When is it the right time to start De-Prescribing for your patients?
There is no doubt that as people get older, they get more health problems.
Even so, taking too many medicines can magnify health problems for some people, particularly through drug interactions and adverse side effects.
Polypharmacy is a real problem for many elderly people and typically, it becomes a challenge if they take a combination of medicines such as antidiabetic drugs, opioids, antipsychotics, hypnotics, diuretics, and antihypertensive medicines – all of which have a higher risk of fall and injury from hypoglycaemic, CNS and hypotensive adverse effects, respectively.
Consequently, there is a higher risk (50%) of morbidity and mortality in the next 12 months following a fall and or injury for many patients.
Are your patients taking too many medicines?
Whilst Chronic disease management often requires multiple drug therapy, it is essential to re-evaluate a patient’s management as many physiological and pharmacological parameters change with ageing. This may include some (or all) of the following;
- The Central nervous system becomes more sensitive to drug effects
- Drugs are stored longer in the body due to less muscle tissue and more body fat.
- Hepatic and renal elimination may change dramatically.
- Dehydration may increase plasma levels of many medicines
Importantly, the addition of more drugs to the patient’s medication regimen may initiate the prescribing cascade – a process where adverse drug side effects are misdiagnosed as symptoms of another disease resulting in the accumulation of more medicines in the drug regimen.

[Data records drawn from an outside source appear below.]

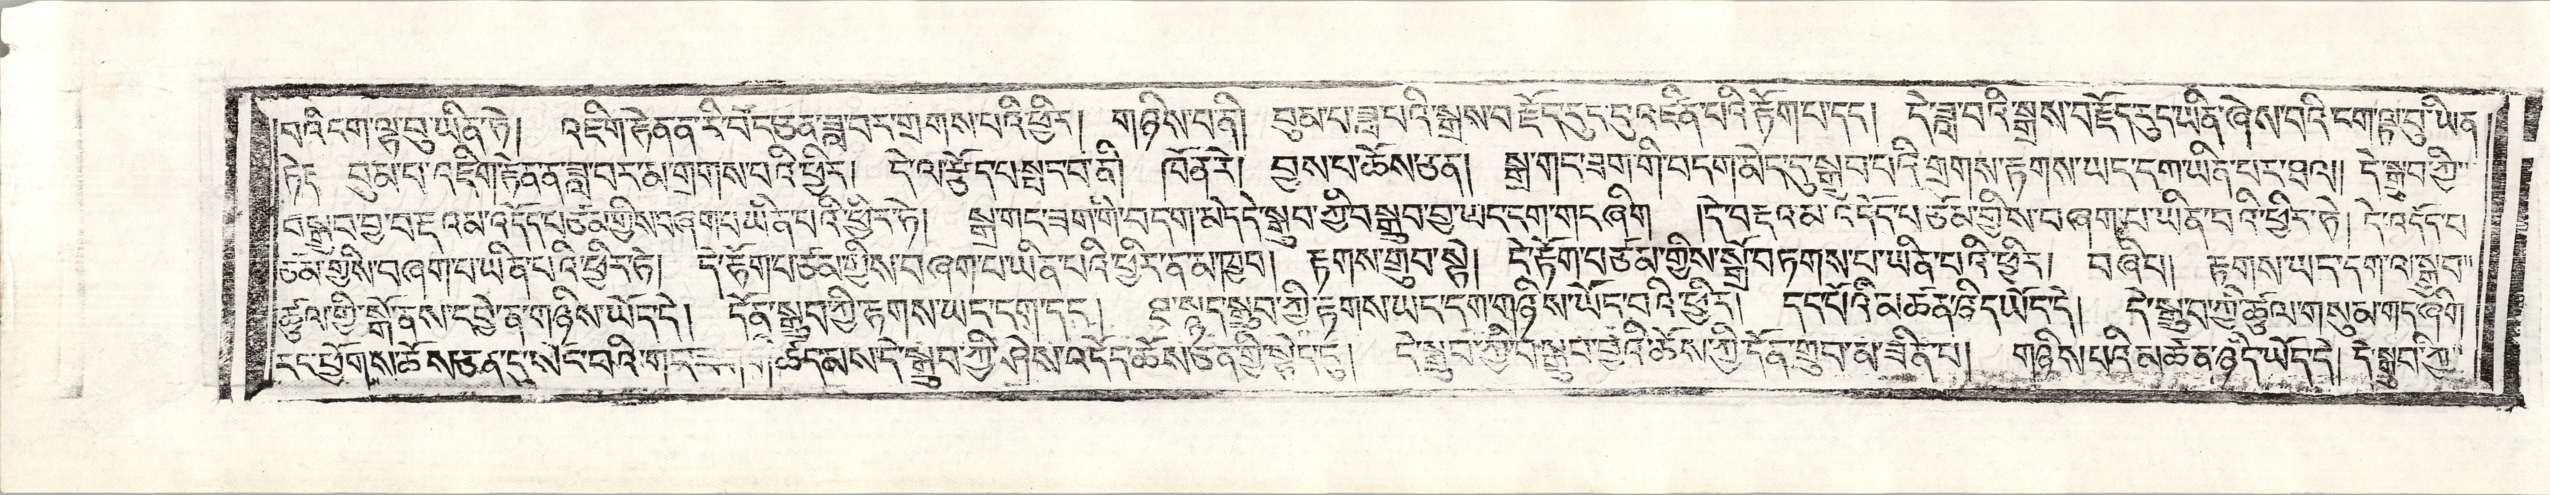པའི་ངག་ལྟ་བུ་ཡིན་ཏེ། འཇིག་རྟེན་ན་རི་བོང་ཅན་ཟླ་བར་གྲགས་པའི་ཕྱིར། གཉིས་པ་ནི། བུམ་པ་ཟླ་བའི་སྒྲས་བརྗོད་རུང་དུ་འཛིན་པའི་རྟོག་པ་དང་། དེ་ཟླ་བའི་སྒྲས་བརྗོད་རུང་ཡིན་ཞེས་པའི་ངག་ལྟ་བུ་ཡིན་
ཏེ། བུམ་པ་འཇིག་རྟེན་ན་ཟླ་བར་མ་གྲགས་པའི་ཕྱིར། དེ་ལ་རྩོད་པ་སྤོང་བ་ནི། ཁོ་ན་རེ། བྱས་པ་ཆོས་ཅན། སྒྲ་གང་ཟག་གི་བདག་མེད་དུ་སྒྲུབ་པའི་གྲགས་རྟགས་ཡང་དག་ཡིན་པར་ཐལ། དེ་སྒྲུབ་ཀྱི་
བསྒྲུབ་བྱ་བརྡ་འམ་འདོད་པ་ཙམ་གྱིས་བཞག་པ་ཡིན་པའི་ཕྱིར་ཏེ། སྒྲ་གང་ཟག་གི་བདག་མེད་དེ་སྒྲུབ་ཀྱི་བསྒྲུབ་བྱ་ཡང་དག་གང་ཞིག །དེ་བརྡའམ་འདོད་པ་ཙམ་གྱིས་བཞག་པ་ཡིན་པའི་ཕྱིར་ཏེ། དེ་འདོད་པ་
ཙམ་གྱིས་བཞག་པ་ཡིན་པའི་ཕྱིར་ཏེ། དེ་རྟོག་པ་ཙམ་གྱིས་བཞག་པ་ཡིན་པའི་ཕྱིར་ན་མ་ཁྱབ། རྟགས་གྲུབ་སྟེ། དེ་རྟོག་པ་ཙམ་གྱིས་སྒྲོ་བཏགས་པ་ཡིན་པའི་ཕྱིར། བཞི་བ། རྟགས་ཡང་དག་ལ་སྒྲུབ་
ཚུལ་གྱི་སྒོ་ནས་དབྱེ་ན་གཉིས་ཡོད་དེ། དོན་སྒྲུབ་ཀྱི་རྟགས་ཡང་དག་དང་། ཐ་སྙད་སྒྲུབ་ཀྱི་རྟགས་ཡང་དག་གཉིས་ཡོད་པའི་ཕྱིར། དང་པོའི་མཚན་ཉིད་ཡོད་དེ། དེ་སྒྲུབ་ཀྱི་ཚུལ་གསུམ་གང་ཞིག །
རང་ཕྱོགས་ཆོས་ཅན་དུ་སོང་བའི་གང་ཟག་གི་ཚད་མས་དེ་སྒྲུབ་ཀྱི་ཤེས་འདོད་ཆོས་ཅན་གྱི་སྟེང་དུ། དེ་སྒྲུབ་ཀྱི་བསྒྲུབ་བྱའི་ཆོས་ཀྱི་དོན་གྲུབ་མ་ཟིན་པ། གཉིས་པའི་མཚན་ཉིད་ཡོད་དེ། དེ་སྒྲུབ་ཀྱི་
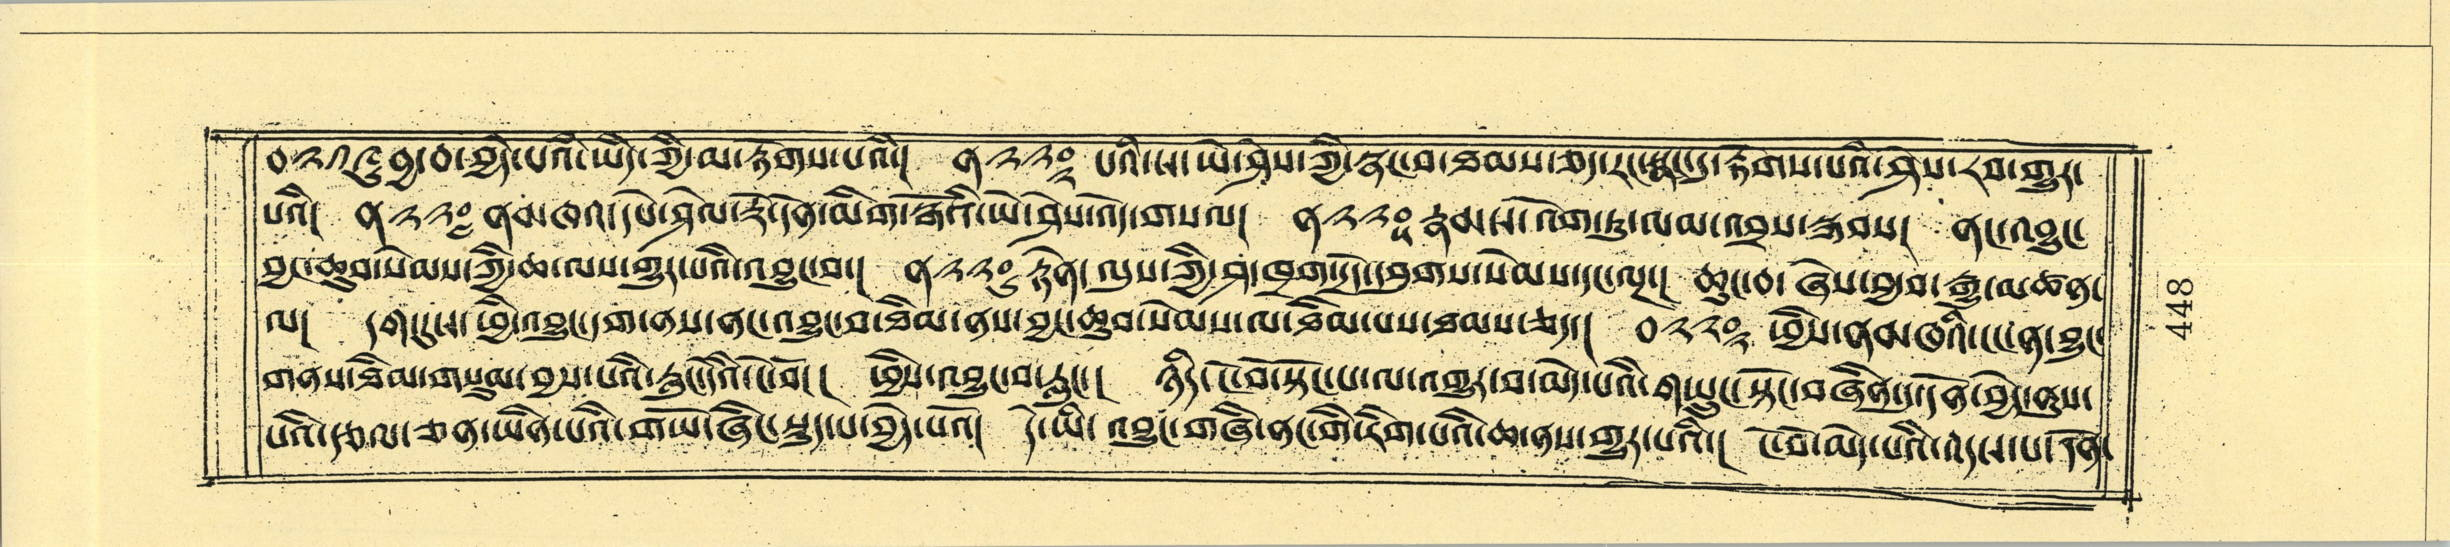བ༢༡༩།༦༼བྱ་བ་བྱེད་པའི༽ཡིད་ཀྱི་མ་རྟོགས་པའི་ན༢༢༠།༢༼པའི་ས༽ཡེ་ཤེས་ཀྱི་སྣང་བ་ཐམས་ཅད་རང་སྣང་དུ་རྟོགས་པའི་ཤེས་རབ་གྱུར་
པའི་ན༢༢༠།༤༼ནམ་མཁའ༽དཔེ་ཤེལ་རྡོ་དོན་མིག་སྒོའི་ཡེ་ཤེས་འོད་གསལ་ན༢༢༠།༥༼རྣམས༽འོག་ཏུ་ལམ་འབྲས་སྐབས་ནང་འབྱུང་
བྱང་ཆུབ་སེམས་ཀྱི་ཆ་ལས་གྱུར་པའི་འབྱུང་བ་ན༢༠།༦༼རྟེན༽ལུས་ཀྱི་ཤ་ཁྲག་དྲོད་དབུགས་སེམསདང་ལྔ་༼ཆུང་བ༽ཞེས་བྱ་བ་རྒྱུ་མཚན་
ལ། དག་དུས་ཕྱི་འབྱུང་དག་ནས་ནང་འབྱུང་བ་ལ་ཐིམ་ནས་བྱང་ཆུབ་སེམས་ལ་ཐིམ་པས་ཐམས་ཅད་བ༢༢༠།༢ ཕྱིས་༼ནམ་མཁའི༽ངང་ན་འབྱུང་
གནས་ཐིམ་གསུམ་བྱས་པའི་རླུང་དེའི་ངོ་བོ་ཕྱིས་འབྱུང་བ་རླུང་༼ཉིད༽ངོ་བོ་སྟོང་པ་ལ་འགྱུར་བ་མེད་པའི་༼གཡུང་དྲུང་༽སྟོང་བཞིན་དུ་དོན་བྱེད་ནུས་
པའི་རྩལ་ཅན་ཡིན་པའི་གཡོ་ཞིང་སྡུད་པར་བྱེད་པའོ།༼དེ་ཡི༽འབྱུང་བཞི་ནང་གི་རིག་པའི་ཆ་ནས་གྱུར་པའི་ངོ་བོ་མེད་པའི་༼འདས་པ༽དོན་

Consider the following link;
Furthermore, whilst some drugs were necessary for many patients in their younger or middle years (<65 yrs), long term therapy of the same medicines may not be appropriate for your patients in their twilight years (>80yrs).
The Beers Criteria is a valuable resource that lists many of the drugs that elderly people become very sensitive to with ageing.
Consider also the following link;
Please read below for a real life example of a serious health problem that occurred with Mrs E who was taking Meloxicam (long acting NSAID) – a drug which is not recommend by the Beers Criteria for elderly people
Mrs E takes Metformin for diabetes, Ramipril for blood pressure and kidneys, frusemide for too much fluid in legs, and meloxicam (a NSAID drug) every now and then for osteoarthritic pain. Mrs E was taking meloxicam more often during winter because the pain had become much worse. As a result, she developed acute kidney failure due to triple whammy effect (↓) on capillary blood flow in the kidneys caused by phamacodynamic interaction between Ramipril, Frusemide, and Meloxicam .
Recommendation: De-prescribe meloxicam for Mrs E.
The National Institute of Diabetes and Digestive and Kidney Diseases, National Institutes of Health
from the U.S. Department of Health and Human Services provides a very good animation of the mechanisms involved in the “Triple Whammy effect” with these drugs.
Even though multiple drug therapy is very confusing for patients and health professionals alike, there are ways to work through the medicine maze of potential adverse effects that comes with Polypharmacy – The Home Medicines Review can assist you and your patients with therapeutic options by providing another medication management perspective.
In this way, the De-Prescribing of some medicines can be reached using a collaborative approach which focuses primary on the well-being of the patient.